Requirement: Write out all the entries word for word, but skip any images.
══════════
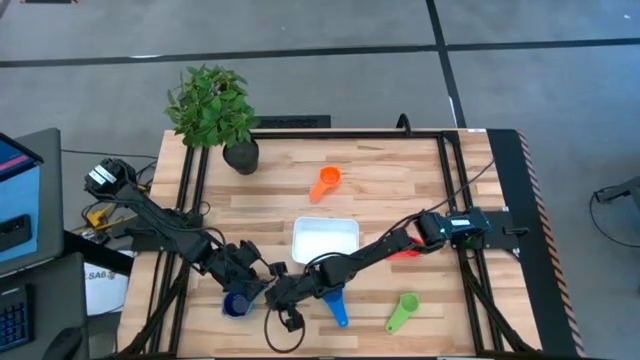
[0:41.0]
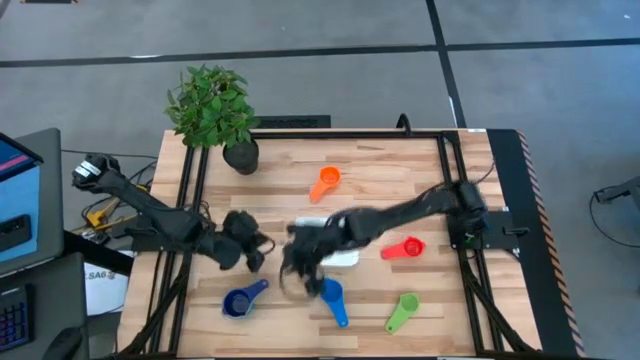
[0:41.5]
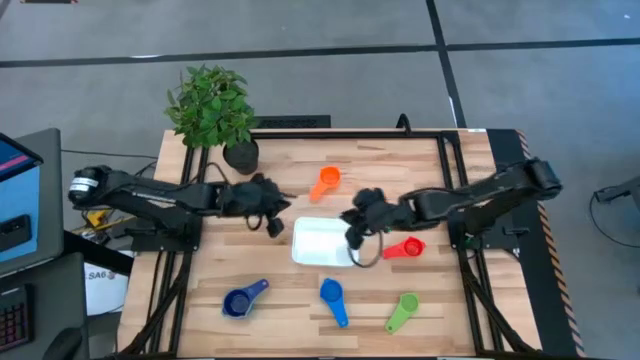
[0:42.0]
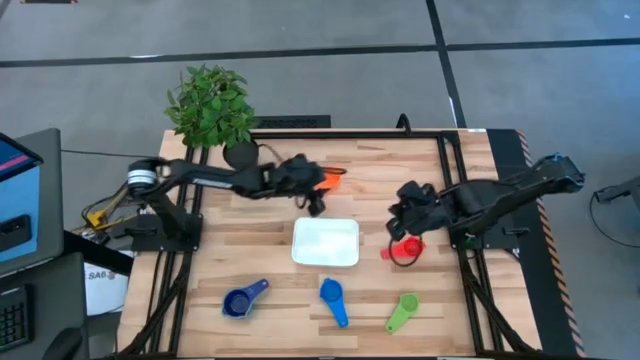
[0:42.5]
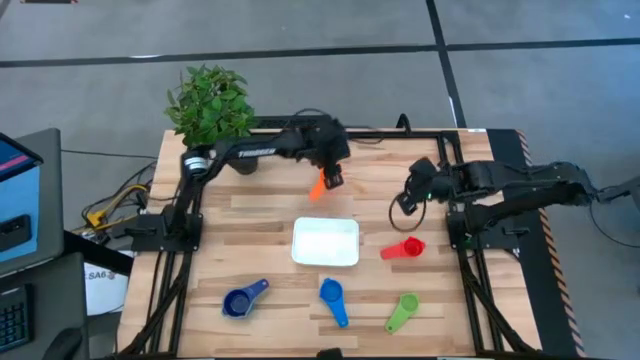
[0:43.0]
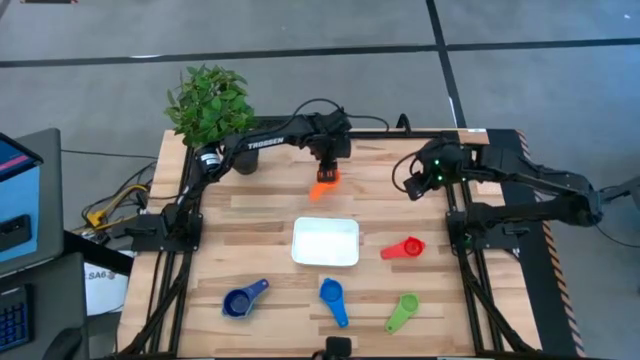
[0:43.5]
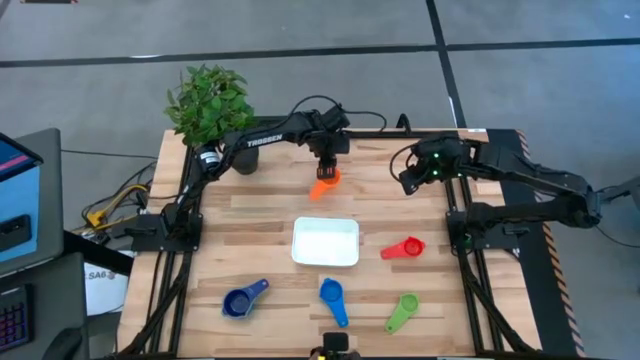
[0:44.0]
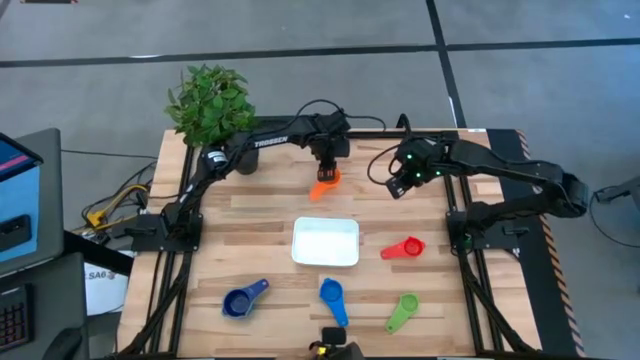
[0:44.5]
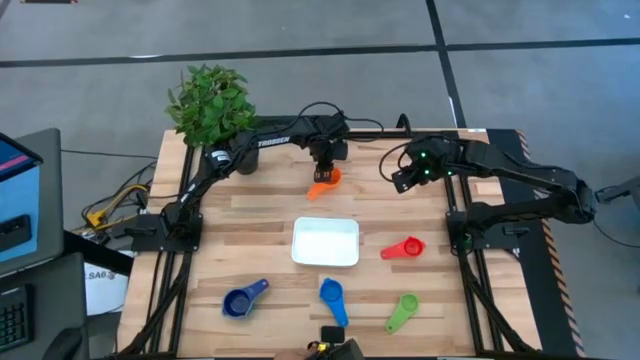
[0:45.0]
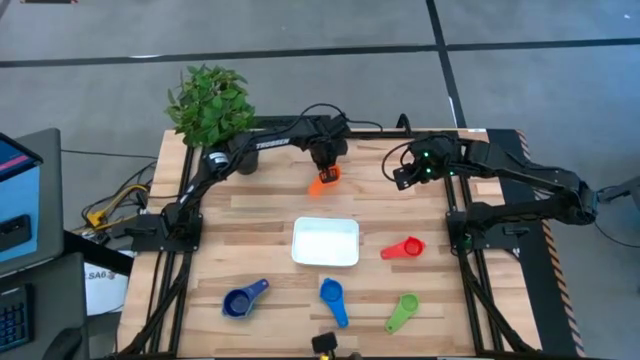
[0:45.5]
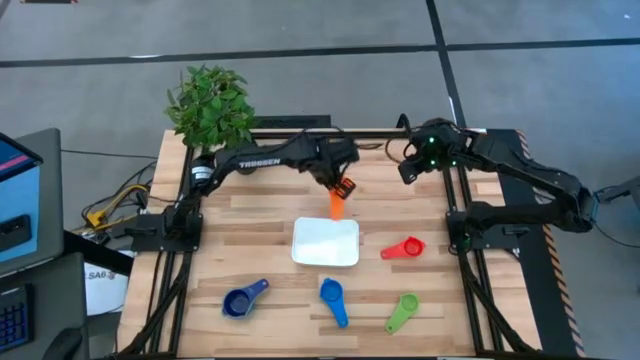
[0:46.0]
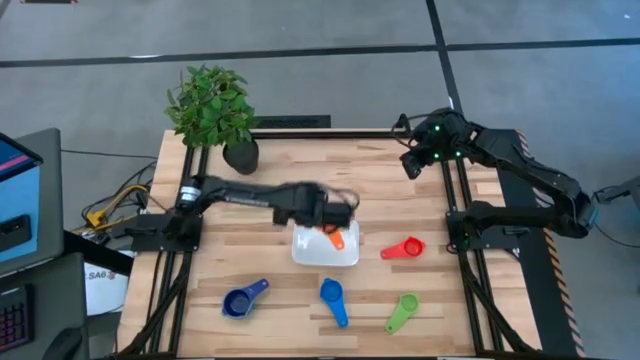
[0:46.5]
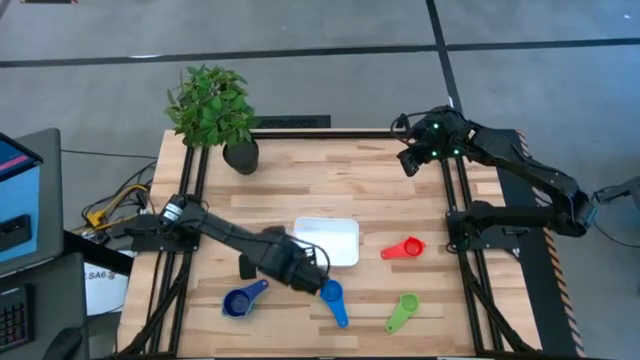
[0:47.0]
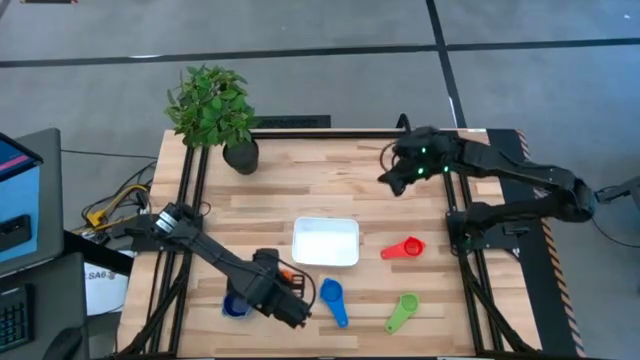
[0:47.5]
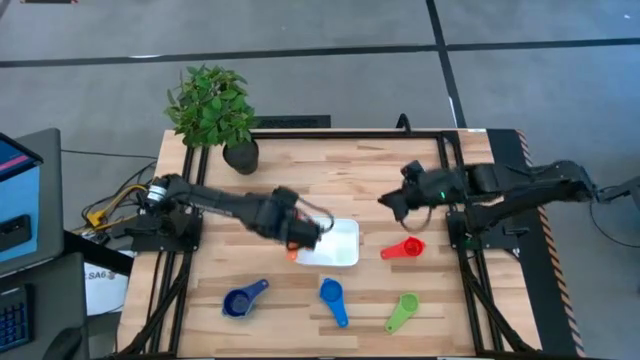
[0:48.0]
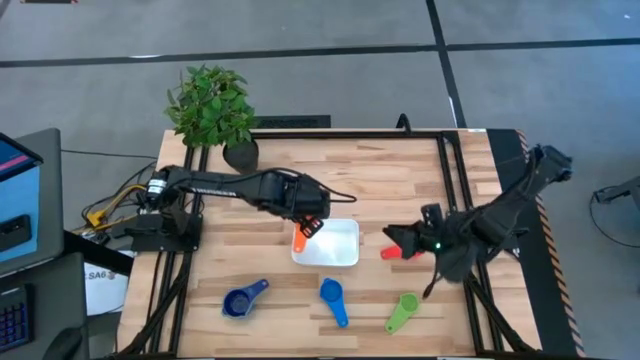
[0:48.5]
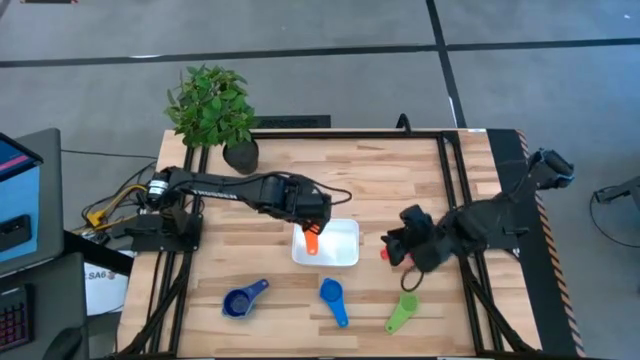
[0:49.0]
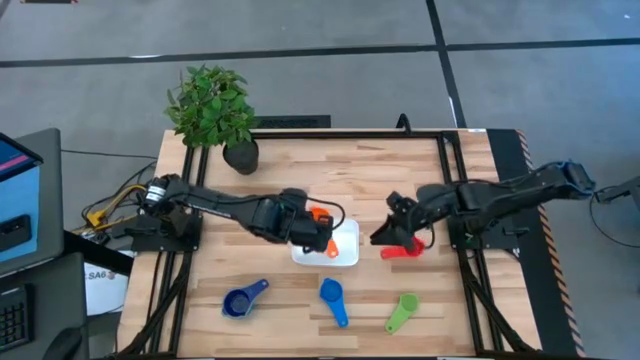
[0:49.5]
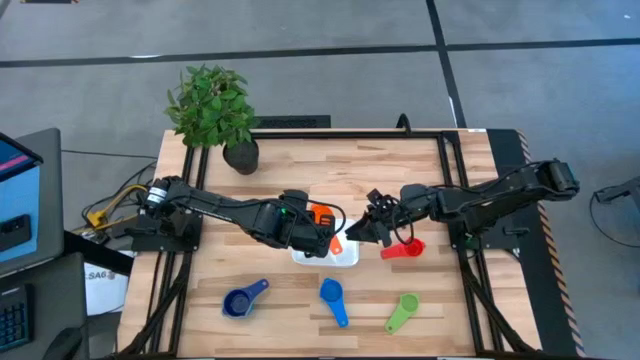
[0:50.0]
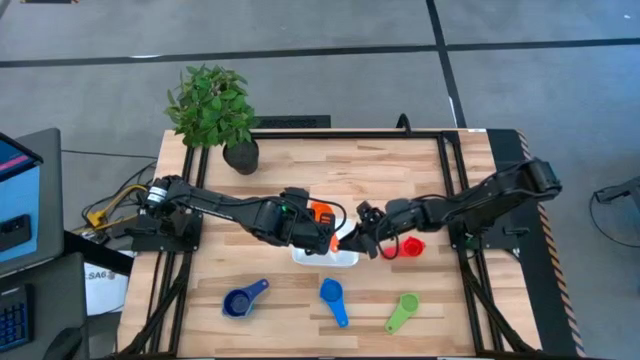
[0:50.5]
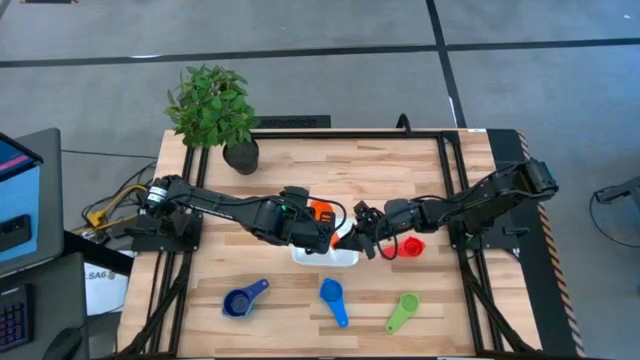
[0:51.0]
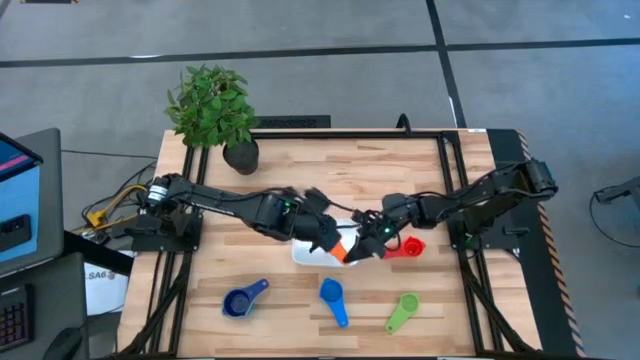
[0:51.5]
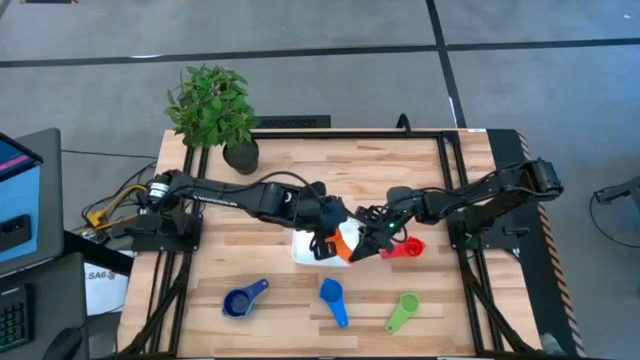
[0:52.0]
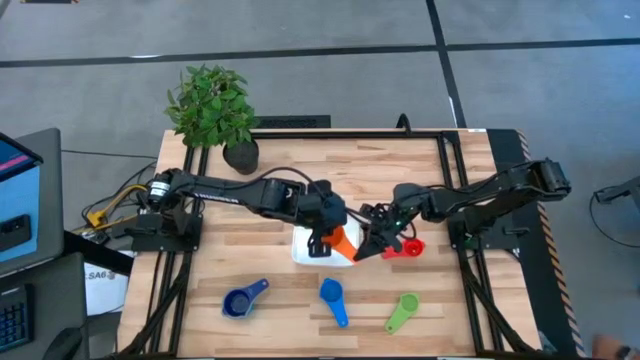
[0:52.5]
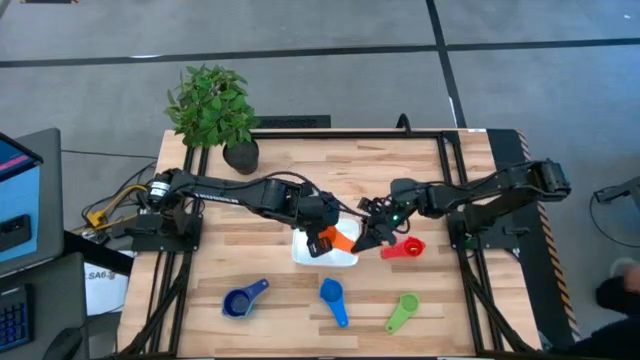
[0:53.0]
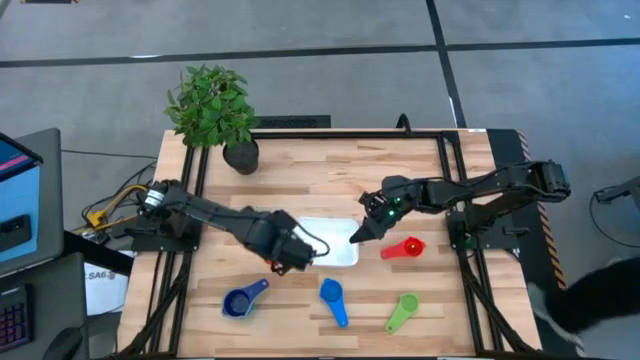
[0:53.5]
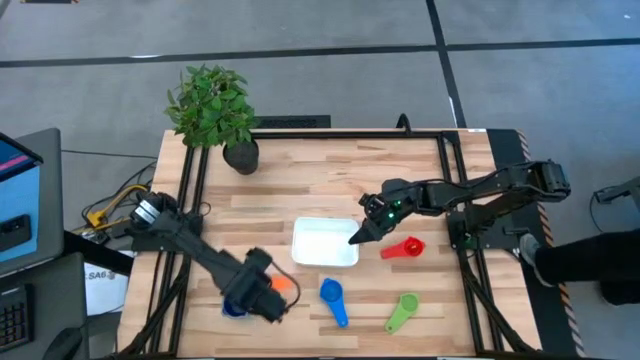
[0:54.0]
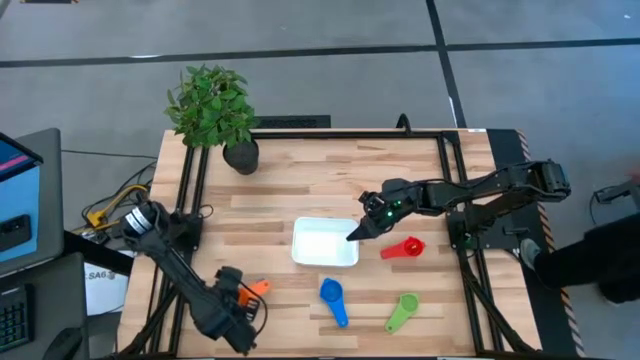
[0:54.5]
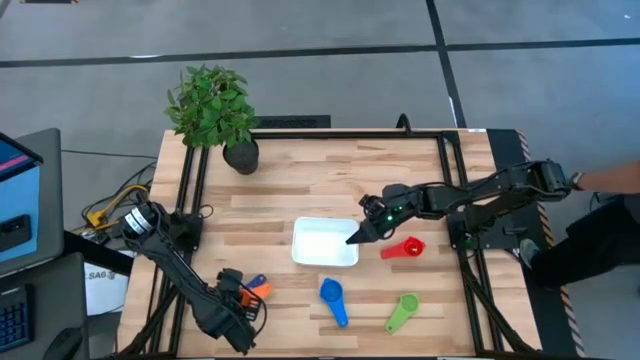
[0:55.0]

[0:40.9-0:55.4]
Task: Nest measuring cups in basket
Stack the orange measuring cup into the purple measuring cup
══════════
The completed task:
[0:41.0]
[0:41.5]
[0:42.0]
[0:42.5]
[0:43.0]
[0:43.5]
[0:44.0]
[0:44.5]
[0:45.0]
[0:45.5]
[0:46.0]
[0:46.5]
[0:47.0]
[0:47.5]
[0:48.0]
[0:48.5]
[0:49.0]
[0:49.5]
[0:50.0]
[0:50.5]
[0:51.0]
[0:51.5]
[0:52.0]
[0:52.5]
[0:53.0]
[0:53.5]
[0:54.0]
[0:54.5]
[0:55.0]

[0:40.9-0:55.4]
Task: Nest measuring cups in basket
Stack the orange measuring cup into the purple measuring cup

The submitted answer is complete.